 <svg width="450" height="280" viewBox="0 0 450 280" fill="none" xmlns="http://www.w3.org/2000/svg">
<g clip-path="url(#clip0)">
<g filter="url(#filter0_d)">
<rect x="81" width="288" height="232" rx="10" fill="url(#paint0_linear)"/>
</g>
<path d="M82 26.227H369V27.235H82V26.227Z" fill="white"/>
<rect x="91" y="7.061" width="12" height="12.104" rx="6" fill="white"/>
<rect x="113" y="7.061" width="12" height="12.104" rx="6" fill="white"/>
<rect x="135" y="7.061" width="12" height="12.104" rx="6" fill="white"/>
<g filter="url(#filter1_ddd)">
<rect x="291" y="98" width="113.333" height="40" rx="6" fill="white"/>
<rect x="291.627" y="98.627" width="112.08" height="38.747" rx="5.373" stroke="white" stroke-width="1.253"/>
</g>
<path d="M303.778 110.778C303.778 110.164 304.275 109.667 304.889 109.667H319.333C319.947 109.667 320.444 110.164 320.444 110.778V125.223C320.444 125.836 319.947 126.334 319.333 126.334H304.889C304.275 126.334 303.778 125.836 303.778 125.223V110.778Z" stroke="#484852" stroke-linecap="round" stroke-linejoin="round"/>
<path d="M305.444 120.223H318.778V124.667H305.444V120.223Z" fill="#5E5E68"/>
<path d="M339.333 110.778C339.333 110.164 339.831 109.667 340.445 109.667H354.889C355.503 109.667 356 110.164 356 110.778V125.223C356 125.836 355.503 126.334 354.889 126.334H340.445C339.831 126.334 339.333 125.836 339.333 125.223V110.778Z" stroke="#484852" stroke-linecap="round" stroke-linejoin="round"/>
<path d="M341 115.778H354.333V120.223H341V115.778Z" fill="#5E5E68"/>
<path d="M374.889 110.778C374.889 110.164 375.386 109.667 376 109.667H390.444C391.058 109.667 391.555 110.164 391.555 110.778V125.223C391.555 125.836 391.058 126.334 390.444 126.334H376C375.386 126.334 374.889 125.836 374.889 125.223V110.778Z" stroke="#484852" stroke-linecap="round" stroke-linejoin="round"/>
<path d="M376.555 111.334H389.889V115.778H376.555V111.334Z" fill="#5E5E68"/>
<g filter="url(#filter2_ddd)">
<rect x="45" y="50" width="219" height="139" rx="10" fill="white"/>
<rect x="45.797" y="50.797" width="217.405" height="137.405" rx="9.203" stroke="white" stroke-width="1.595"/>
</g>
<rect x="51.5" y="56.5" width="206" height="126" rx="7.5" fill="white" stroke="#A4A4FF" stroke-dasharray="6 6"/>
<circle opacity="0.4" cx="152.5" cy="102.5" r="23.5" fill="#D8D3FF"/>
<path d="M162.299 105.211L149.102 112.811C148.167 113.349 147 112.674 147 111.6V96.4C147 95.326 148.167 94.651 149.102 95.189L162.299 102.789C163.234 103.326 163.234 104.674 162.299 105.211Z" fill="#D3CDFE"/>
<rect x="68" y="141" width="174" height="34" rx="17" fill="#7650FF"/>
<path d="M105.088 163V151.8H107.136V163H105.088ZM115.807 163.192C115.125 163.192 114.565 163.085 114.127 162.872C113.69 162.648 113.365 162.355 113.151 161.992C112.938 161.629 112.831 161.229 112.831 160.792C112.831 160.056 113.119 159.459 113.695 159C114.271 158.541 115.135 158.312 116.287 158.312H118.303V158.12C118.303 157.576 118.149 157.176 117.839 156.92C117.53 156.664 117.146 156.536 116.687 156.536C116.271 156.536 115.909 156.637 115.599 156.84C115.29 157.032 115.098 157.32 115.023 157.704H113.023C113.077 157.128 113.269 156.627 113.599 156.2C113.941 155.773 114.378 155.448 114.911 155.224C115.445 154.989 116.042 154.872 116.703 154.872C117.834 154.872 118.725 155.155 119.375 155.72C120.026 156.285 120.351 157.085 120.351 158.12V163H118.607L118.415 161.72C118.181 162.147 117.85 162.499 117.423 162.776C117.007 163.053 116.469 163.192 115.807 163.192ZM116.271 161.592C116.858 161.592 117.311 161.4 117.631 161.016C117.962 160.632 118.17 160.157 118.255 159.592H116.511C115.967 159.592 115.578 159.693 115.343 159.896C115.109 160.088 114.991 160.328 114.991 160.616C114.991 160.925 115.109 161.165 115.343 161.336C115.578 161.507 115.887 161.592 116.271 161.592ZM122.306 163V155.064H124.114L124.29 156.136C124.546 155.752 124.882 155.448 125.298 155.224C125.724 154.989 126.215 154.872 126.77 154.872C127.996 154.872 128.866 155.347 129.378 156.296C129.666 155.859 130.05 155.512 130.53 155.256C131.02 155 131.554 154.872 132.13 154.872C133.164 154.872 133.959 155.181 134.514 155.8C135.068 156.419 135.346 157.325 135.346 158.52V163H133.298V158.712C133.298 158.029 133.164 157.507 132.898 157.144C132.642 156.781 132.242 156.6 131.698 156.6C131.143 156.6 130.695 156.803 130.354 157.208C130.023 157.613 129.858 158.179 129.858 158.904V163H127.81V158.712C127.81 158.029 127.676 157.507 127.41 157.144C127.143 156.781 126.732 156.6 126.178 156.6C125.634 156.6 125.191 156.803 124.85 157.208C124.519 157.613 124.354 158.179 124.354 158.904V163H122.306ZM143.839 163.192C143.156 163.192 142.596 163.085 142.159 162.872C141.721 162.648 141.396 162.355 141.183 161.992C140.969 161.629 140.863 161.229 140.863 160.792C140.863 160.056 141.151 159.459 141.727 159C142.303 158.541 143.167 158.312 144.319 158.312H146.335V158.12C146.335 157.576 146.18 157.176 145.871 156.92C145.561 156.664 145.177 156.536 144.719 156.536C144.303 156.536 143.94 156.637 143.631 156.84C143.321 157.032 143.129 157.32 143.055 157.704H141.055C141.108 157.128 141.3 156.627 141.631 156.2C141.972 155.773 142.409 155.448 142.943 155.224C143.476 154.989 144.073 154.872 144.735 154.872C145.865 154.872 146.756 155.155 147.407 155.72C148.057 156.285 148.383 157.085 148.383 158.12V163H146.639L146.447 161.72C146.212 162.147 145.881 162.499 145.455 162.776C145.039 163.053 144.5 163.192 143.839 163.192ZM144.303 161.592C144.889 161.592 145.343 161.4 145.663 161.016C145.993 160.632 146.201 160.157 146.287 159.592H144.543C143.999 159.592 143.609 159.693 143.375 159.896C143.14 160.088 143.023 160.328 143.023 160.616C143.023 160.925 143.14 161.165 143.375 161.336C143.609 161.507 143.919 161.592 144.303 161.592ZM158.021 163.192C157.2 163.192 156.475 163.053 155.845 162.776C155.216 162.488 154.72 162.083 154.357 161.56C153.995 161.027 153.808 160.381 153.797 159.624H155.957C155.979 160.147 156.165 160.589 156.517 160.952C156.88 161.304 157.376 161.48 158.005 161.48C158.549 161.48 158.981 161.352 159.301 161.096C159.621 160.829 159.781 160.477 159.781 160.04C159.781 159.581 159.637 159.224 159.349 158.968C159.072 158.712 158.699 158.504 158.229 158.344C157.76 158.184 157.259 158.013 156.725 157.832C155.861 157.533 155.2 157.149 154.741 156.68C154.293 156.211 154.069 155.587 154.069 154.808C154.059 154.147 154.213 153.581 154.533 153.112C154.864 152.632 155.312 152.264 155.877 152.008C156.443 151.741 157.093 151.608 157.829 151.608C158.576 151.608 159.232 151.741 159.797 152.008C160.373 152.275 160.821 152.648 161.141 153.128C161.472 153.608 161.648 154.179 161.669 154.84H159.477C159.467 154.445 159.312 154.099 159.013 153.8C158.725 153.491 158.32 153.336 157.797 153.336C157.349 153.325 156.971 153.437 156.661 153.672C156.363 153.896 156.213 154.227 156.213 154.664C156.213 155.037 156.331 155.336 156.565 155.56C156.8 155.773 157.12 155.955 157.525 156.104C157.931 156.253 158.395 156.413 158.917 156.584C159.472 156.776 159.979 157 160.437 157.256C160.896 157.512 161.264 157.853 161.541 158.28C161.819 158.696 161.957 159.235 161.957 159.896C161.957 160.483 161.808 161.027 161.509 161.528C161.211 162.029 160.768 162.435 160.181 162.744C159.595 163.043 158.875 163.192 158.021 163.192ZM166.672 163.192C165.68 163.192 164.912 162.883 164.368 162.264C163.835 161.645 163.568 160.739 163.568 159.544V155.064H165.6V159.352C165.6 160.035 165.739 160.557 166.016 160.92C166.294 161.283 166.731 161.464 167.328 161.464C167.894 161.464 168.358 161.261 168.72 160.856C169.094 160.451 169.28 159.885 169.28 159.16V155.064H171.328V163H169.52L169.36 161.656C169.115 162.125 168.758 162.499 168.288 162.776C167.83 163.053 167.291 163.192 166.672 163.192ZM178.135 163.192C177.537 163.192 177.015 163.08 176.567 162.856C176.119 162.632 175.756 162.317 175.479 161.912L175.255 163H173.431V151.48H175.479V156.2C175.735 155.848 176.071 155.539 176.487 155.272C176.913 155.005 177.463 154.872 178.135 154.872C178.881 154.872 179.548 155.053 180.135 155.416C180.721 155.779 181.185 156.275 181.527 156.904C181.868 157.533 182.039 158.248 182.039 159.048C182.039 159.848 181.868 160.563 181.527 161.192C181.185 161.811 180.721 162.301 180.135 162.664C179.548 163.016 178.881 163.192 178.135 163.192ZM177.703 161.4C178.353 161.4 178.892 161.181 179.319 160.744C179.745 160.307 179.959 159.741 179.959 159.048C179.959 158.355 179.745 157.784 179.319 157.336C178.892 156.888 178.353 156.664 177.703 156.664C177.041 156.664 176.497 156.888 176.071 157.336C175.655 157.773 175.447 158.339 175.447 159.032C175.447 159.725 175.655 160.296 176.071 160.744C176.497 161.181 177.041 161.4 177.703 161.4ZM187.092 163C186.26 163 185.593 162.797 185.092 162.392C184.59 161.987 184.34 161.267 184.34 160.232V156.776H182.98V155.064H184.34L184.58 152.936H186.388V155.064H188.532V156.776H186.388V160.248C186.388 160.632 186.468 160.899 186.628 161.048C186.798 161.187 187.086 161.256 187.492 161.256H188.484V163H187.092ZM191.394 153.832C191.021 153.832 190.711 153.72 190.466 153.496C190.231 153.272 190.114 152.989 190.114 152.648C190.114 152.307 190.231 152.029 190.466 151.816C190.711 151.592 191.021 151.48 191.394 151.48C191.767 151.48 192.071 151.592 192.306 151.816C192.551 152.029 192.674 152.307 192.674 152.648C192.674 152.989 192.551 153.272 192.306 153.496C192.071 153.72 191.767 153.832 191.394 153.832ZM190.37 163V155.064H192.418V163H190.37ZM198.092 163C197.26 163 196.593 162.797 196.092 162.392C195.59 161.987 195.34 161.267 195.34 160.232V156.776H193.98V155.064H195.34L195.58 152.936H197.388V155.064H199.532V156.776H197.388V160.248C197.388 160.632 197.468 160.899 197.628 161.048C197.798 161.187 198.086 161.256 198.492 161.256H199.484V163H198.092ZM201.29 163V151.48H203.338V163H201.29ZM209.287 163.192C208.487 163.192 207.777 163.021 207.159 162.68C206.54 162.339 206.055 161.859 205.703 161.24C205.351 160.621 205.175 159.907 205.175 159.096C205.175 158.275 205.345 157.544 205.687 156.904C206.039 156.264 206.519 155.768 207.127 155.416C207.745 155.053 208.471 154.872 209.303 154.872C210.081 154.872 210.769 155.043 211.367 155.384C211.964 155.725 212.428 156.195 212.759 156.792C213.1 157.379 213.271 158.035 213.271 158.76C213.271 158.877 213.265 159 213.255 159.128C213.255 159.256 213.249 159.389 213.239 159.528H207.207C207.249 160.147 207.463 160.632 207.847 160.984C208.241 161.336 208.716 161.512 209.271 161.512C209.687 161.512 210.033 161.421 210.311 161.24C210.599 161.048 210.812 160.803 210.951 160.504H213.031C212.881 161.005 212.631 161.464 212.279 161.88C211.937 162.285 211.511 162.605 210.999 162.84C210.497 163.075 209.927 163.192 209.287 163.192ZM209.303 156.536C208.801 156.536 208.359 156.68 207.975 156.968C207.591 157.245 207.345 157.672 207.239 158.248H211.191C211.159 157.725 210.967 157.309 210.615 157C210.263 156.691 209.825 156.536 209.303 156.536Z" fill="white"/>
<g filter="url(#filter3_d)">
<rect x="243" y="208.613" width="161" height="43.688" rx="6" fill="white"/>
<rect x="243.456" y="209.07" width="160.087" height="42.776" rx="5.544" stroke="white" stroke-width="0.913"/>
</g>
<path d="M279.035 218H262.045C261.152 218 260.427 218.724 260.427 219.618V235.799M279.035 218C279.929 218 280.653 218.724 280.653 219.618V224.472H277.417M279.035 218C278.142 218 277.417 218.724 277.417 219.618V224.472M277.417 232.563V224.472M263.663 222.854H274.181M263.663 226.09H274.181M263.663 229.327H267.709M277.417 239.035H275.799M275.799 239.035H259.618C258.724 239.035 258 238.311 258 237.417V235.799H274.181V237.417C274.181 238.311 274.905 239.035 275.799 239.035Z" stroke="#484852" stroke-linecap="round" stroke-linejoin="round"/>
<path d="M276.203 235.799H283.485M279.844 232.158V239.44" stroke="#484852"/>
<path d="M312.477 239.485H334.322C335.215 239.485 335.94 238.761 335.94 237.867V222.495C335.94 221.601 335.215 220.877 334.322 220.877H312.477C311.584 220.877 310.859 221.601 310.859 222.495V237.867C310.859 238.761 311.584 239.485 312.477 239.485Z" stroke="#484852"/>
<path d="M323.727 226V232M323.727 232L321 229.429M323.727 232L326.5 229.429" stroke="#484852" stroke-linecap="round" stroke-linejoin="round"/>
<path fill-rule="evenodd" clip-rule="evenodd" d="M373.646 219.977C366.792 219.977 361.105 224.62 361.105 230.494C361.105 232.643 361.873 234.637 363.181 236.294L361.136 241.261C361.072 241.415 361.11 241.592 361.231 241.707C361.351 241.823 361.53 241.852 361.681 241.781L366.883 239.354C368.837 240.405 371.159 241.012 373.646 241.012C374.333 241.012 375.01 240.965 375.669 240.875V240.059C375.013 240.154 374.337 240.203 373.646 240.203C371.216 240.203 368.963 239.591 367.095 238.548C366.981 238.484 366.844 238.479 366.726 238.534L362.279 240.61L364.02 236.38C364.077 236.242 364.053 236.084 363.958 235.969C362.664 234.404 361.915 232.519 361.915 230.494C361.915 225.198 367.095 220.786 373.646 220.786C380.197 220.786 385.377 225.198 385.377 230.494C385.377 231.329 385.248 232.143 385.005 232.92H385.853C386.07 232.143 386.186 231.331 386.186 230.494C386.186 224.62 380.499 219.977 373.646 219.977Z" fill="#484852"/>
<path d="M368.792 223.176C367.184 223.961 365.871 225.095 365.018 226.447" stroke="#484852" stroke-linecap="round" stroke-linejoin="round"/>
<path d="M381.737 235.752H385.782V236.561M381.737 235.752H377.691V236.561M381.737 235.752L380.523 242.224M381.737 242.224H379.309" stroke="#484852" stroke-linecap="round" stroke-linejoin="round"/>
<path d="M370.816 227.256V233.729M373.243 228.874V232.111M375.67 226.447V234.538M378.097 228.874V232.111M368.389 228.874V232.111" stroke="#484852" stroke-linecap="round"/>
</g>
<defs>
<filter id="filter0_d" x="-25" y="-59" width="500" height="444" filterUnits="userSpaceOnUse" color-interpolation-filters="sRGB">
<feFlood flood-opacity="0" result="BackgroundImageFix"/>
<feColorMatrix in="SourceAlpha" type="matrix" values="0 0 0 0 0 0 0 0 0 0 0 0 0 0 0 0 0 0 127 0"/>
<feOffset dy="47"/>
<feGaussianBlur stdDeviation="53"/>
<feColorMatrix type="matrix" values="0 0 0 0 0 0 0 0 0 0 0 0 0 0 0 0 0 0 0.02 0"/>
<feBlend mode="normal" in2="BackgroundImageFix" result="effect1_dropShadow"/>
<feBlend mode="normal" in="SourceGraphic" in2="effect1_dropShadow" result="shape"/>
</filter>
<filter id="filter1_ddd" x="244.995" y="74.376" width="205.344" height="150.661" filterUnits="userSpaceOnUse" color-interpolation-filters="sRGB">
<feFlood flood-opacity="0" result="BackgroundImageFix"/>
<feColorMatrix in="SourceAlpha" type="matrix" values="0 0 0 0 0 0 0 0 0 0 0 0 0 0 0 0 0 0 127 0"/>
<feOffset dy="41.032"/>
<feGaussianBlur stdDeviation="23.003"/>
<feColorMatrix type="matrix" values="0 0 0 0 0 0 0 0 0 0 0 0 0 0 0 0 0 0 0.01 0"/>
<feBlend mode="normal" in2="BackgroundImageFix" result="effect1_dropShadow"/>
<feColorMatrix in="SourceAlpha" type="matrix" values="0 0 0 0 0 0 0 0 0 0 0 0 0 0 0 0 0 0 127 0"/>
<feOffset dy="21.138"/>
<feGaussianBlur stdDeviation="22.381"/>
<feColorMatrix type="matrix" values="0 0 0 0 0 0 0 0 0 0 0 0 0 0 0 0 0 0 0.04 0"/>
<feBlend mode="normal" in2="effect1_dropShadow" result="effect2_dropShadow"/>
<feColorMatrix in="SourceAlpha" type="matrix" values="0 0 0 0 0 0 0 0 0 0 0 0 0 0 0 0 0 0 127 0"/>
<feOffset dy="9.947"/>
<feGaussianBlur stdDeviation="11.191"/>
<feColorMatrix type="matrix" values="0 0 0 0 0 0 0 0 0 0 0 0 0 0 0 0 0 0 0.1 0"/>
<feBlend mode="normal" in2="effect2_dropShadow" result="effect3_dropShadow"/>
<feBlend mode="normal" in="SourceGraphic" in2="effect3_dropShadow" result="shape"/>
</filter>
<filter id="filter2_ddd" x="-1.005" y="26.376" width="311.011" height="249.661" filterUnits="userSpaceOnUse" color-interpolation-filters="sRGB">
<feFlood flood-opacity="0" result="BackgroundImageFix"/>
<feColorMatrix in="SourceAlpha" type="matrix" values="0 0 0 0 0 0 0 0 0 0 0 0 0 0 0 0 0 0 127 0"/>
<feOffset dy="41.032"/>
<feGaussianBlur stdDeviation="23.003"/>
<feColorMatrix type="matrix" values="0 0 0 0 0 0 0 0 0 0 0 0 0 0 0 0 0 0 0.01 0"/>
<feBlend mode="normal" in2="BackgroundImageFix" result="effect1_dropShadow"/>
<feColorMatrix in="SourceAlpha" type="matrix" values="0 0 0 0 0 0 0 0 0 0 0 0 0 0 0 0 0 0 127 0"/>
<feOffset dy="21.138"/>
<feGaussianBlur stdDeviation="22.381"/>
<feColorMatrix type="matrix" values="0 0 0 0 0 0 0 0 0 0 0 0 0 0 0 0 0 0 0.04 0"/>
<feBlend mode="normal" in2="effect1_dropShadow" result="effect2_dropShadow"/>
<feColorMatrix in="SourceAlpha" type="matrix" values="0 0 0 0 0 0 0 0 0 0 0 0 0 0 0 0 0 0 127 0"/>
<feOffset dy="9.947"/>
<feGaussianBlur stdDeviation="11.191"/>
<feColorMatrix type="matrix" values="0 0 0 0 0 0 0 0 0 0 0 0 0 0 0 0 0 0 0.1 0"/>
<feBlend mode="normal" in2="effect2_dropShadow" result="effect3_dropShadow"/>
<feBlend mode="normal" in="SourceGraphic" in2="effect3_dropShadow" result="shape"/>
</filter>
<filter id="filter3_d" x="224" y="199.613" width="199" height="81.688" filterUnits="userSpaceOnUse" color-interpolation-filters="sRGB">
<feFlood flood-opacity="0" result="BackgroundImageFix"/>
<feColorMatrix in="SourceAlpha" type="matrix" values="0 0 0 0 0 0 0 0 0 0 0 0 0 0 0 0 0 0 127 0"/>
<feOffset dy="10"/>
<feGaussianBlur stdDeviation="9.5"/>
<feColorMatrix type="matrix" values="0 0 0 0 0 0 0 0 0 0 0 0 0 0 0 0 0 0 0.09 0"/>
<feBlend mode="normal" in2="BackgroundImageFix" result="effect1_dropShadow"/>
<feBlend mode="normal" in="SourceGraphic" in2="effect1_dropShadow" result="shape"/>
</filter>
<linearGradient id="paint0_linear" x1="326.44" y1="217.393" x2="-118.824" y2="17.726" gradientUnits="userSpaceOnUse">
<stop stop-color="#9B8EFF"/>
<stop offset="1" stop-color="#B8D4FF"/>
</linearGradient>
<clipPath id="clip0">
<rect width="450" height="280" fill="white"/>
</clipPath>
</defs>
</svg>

+ + + +

Exercise prompt |
Find every line above that includes the word "linearGradient" and report only how many there are.

Final answer |
2